10. SPECIAL CONDITIONS FOR INTERNET SERVICES
Client agrees to bear risks associated with subject matter, accuracy, or usefulness of content available from ASCI or the Internet. Client also agrees that ASCI has the right to remove any content from ASCI's computers, servers, or any property owned by ASCI at any time, at ASCI's sole discretion. Client also agrees that it shall not transmit any data through ASCI's services or any material that, in ASCI's sole discretion, is threatening, abusive, libelous, or encourages conduct that is contrary to public morality standards, give rise to civil or criminal liability, or violates any local, state, national or international laws, statutes, or regulations. ASCI does not own, represent, or have influence over the content of material on the Internet, therefore Client agrees that it is solely responsible for and shall take every necessary precaution to prevent any offensive material from being viewed or accessed by those under the legal age of consent. Client agrees to indemnify and save harmless ASCI for any action or inaction with respect to content posted on or through ASCI's ISP and the Internet.

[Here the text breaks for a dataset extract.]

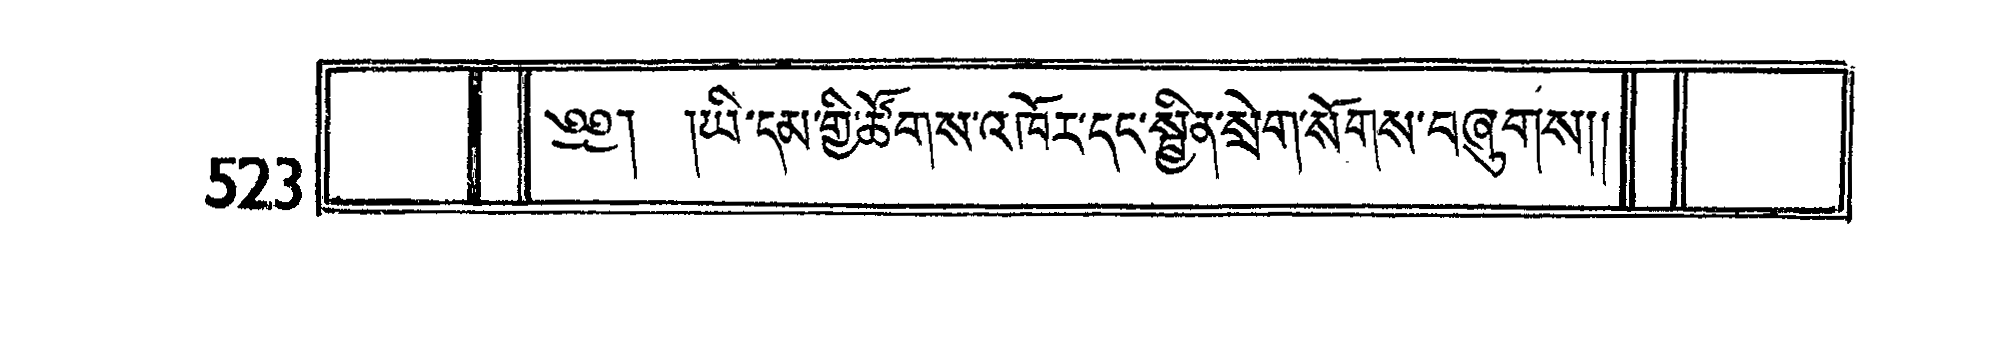༄༅། །ཡི་དམ་གྱི་ཚོགས་འཁོར་དང་སྦྱིན་སྲེག་སོགས་བཞུགས། །

This service may provide access to content that is protected by copyrights, trademarks, and intellectual property rights of third parties. Client agrees that all use of content through this agreement is governed by all applicable laws and regulations and any additional restriction that may be placed on the material by its owner. Client further agrees not to post or transmit content that is subject to another party's rights, on or through the Internet or ASCI's ISP without the party's express permission.

Client's use of the Internet is solely at its own risk. ASCI provides no warranty, express or implied and Client's sole remedy for use of ASCI's ISP is limited to the extent permitted by law. Client agrees to indemnify ASCI for any breach of agreement in accordance with the provisions contained in paragraph 3 above.

Client agrees to not engage in prohibited or abusive activities on the Internet. Such activities may include the posting in any manner material in print, graphic or visual arts, audio, or any other communication form such material that amounts to fraud, false advertising, copyright or trademark violations, patent infringements, trade secret violations, obscenity, threats, harassments, inappropriate material, chain letters, any sexually explicit materials or materials that may be offensive, any transmission that encourages conduct that would result in a criminal offense, posting or publishing any software which contains a virus, violate the security system of any computer network or attempt to bypass or overcome encryption codes illegally, or deceive or defeat the intentions of any idle time or unattended usage/auto time out detection methods.

ASCI's ISP service does not provide back up for email accounts.

Client agrees to abide by the ASCInet "Acceptable Use Policy" and ASCInet "Privacy Statement"

11. EARLY TERMINATION CHARGES
Client agrees that it shall be responsible for any applicable early termination charges as a result of service termination.